Learn Shared Dynamics with Meta-World Models

4 minute read

Published:

We often consider the features from the appearance. Sometimes, we also try to learn the features correlated to the context, like word embeddings. Words with similar properties can share some similarities in the word embedding space. Now, consider reinforcement learning(RL) environment states from this aspect: If two world environments hold different state space $\mathcal{S}_1$ and $\mathcal{S}_2$, but they have the same action space $\mathcal{A}$ and the agent interacts with the environments in the same way physically. We call the two worlds to have the same dynamics.

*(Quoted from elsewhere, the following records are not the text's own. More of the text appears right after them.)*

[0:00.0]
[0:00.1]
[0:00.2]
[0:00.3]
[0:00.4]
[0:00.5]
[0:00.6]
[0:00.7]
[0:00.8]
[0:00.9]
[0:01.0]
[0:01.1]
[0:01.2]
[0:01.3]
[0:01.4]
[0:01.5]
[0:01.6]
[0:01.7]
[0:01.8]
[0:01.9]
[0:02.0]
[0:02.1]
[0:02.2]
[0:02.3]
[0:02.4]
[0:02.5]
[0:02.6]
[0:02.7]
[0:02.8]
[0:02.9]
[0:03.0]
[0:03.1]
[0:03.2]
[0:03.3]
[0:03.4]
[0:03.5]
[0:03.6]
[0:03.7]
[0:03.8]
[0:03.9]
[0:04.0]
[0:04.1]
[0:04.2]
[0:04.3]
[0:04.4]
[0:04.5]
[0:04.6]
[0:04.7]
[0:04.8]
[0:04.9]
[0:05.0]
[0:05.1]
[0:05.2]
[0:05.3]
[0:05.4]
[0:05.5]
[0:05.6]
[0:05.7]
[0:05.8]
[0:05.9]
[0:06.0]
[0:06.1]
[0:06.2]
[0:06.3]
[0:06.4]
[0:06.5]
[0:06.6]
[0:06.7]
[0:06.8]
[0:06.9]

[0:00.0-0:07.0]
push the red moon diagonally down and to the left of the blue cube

For example, you and your reflection in the mirror have the same dynamics, but the observations are reversed horizontally. However, when you consider your reflection in the mirror is yourself, you started to unify the representations of you and it. The example may also be one illustration of the mirror test which shows the existence of self-consciousness.

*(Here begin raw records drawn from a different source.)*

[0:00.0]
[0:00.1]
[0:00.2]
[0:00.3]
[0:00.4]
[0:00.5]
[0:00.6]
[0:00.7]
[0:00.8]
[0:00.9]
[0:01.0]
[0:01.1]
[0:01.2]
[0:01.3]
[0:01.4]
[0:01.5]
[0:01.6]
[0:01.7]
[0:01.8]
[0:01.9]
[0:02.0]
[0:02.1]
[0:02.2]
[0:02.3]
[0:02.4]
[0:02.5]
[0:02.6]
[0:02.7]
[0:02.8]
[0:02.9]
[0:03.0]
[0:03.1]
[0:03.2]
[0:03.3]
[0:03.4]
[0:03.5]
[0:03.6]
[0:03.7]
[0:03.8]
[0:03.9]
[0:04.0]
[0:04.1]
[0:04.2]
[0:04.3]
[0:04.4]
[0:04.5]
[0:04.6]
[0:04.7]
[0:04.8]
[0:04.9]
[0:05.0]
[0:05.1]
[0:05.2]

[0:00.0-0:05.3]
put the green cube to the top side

To explore the same process using machine learning, we proposed to use the shared dynamics to learn a meta-world model. The meta-world model is based on the world model architectures. The world model consists of Vision($\mathcal{V}$) model and Memory($\mathcal{M}$) model. We choose the V model as VAE, and the M model as LSTM in our architecture. Meta-World aims to learn the shared dynamics among multiple worlds so that one M model is shared across different world environments while each world keeps one individual V model. The training loss comes from the reconstruction loss of VAE and the prediction loss of LSTM. In correspondence, the training procedure is divided into reconstruction phase $\mathcal{R}$ and prediction phase $\mathcal{P}$. In the $\mathcal{R}$ phase, we train VAE using reconstruction loss. In the $\mathcal{P}$ phase, we train both VAE and LSTM using prediction loss. The reason why we don’t train the models jointly is that the conflicts between the two kinds of losses can lead the meta-world model to a local minimum with poor performances.

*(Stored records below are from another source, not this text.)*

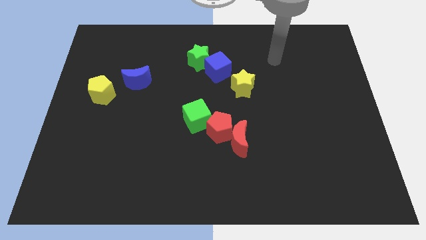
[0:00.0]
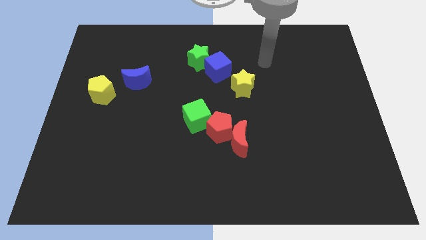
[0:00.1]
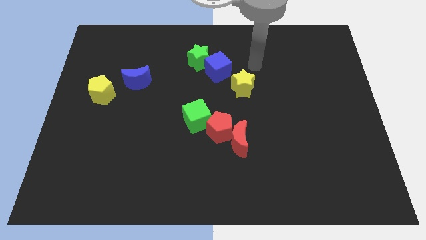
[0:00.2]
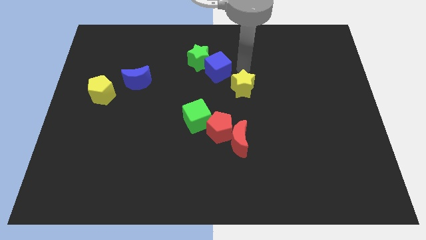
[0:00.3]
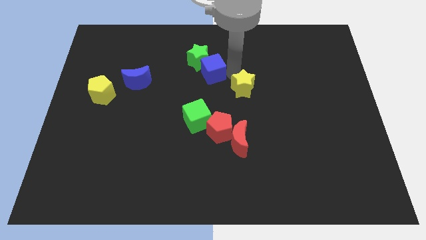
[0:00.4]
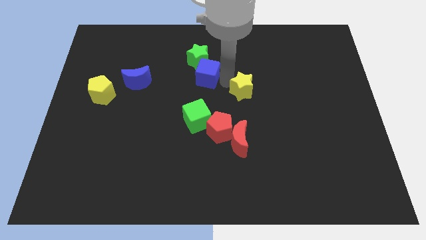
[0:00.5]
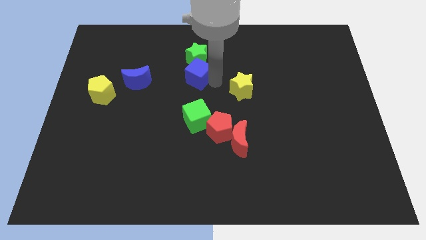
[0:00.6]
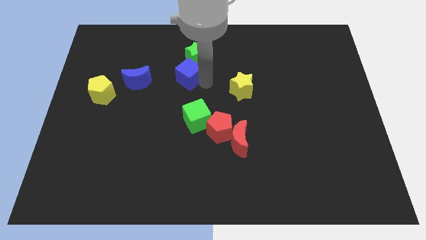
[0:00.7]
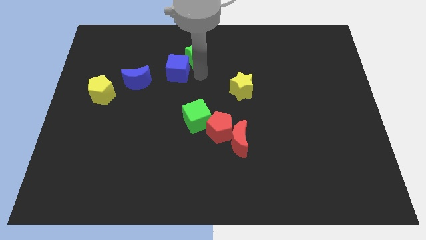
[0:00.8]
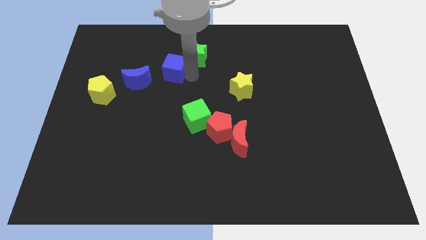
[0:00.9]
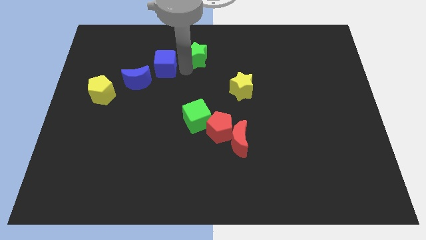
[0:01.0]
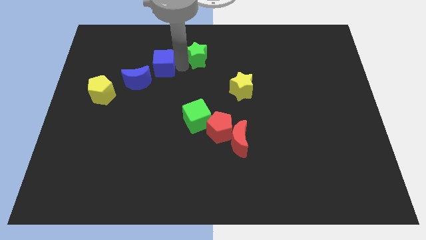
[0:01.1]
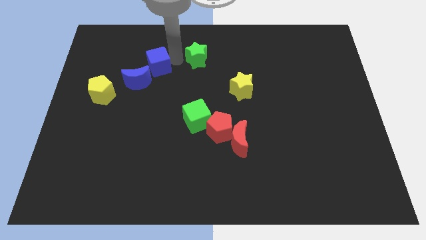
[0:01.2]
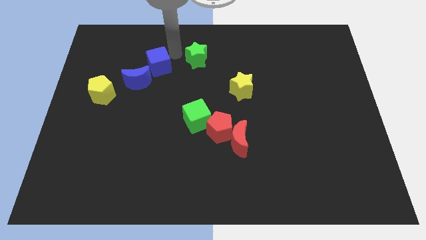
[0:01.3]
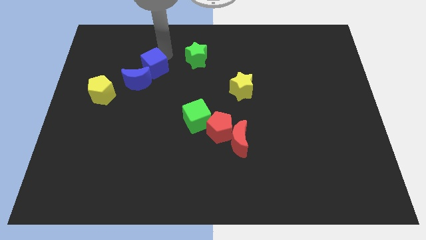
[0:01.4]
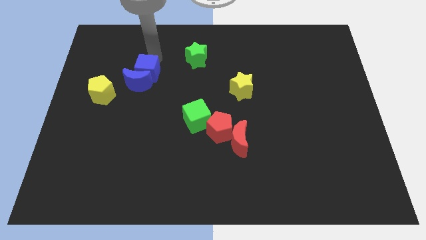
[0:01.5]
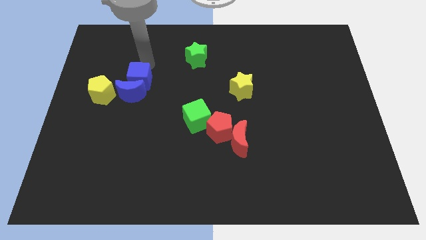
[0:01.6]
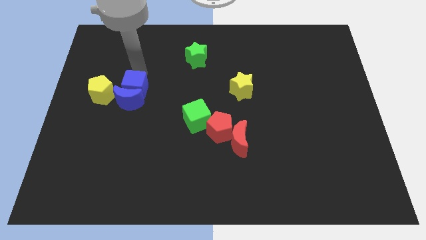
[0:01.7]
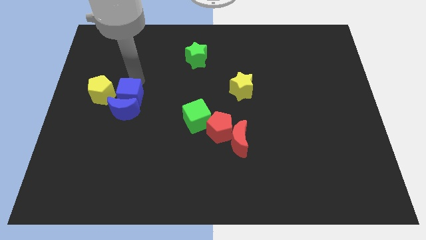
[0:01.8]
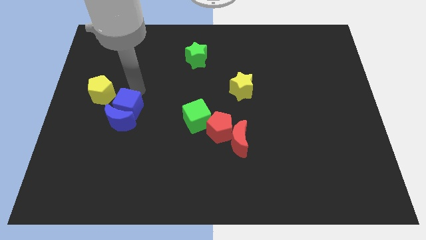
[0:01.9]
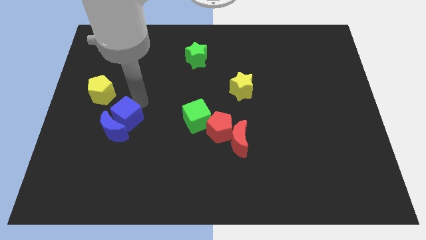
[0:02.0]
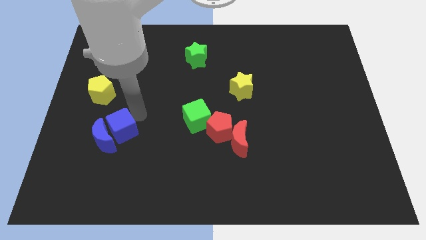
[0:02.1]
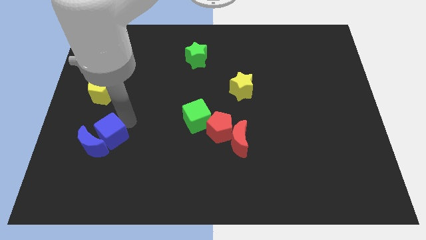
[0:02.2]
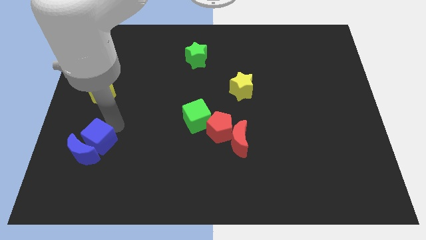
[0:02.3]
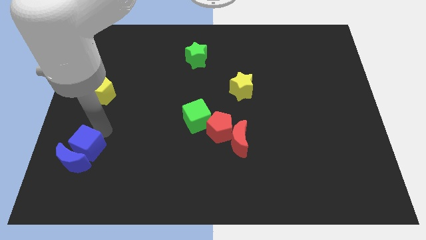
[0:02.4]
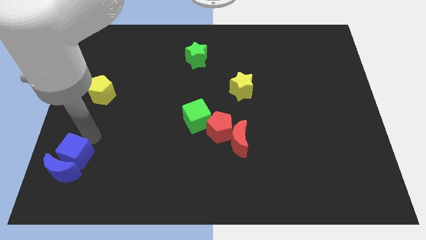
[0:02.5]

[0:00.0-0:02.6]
push the blue moon to the bottom left

The two training phases can be understood as:

  1. $\mathcal{P}$ phase destroys the reconstruction ability of $\mathcal{V}$ models to be compatible with the shared dynamics;
  2. $\mathcal{R}$ phase recovers the reconstruction ability of $\mathcal{V}$.

Two phases alternate until they reach the balance.

Our experiments are carried on the variants of the Atari Pong environment. Pong environment is preprocessed into binary images at first. Then we have five kinds of variants of it which is shown in Fig.1. $\Gamma_o$ is the original world and five variants are $\Gamma_t$, $\Gamma_h$, $\Gamma_v$, $\Gamma_c$, $\Gamma_m$. $\Gamma_t$ is the transpose of the original world; $\Gamma_v$ divided $\Gamma_o$ into two parts vertically and swap them and $\Gamma_h$ is obtained similarly but horizontally; $\Gamma_c$ changes the colour of $\Gamma_o$; $\Gamma_m$ is $\Gamma_o$’s mirror world. All those worlds have different state space, but with the same action space and the physical meanings of actions are the same.

Fig.1 - five world variants

The problem appears that how can we know we have learned the shared dynamics because the network capacity allows it to learn many dynamics simultaneously. We validate it indirectly by observing whether the representations of corresponding states from different worlds are unified. If they’re similar, they share the same representations, and the dynamic changes between adjacent states are also the same. For the variational inference in VAE, the latent vectors are generated from distribution and KL divergence between two distributions with low variance can be very high. Thus, we choose not to compare the latent vector $z$ of VAE directly. We can decode the $z$ encoded by one world’s V model using another world’s V model and see whether the output is the corresponding state. If it is, we regard it as the symbol that we learn the shared dynamics, and it also leads to the fact that the shared dynamics can unify the representations.

In our most experiments, we choose $\Gamma_o$ and one world from {$\Gamma_t$, $\Gamma_h$, $\Gamma_v$, $\Gamma_c$, $\Gamma_m$} to train the meta-world. The validation results are listed below.

Fig.2 - five world validation

Fig.3 - four worlds comparison($\Gamma_v$ excluded)

In summary, what we only do is let the agent try to find one shared dynamics to associate itself and ‘itself’ in another world, then it’s able to pass the mirror test. We also try to train multiple worlds together and improve the success probability of training multiple worlds. As a result, we also find something interesting which may be updated later or delivered in a new post.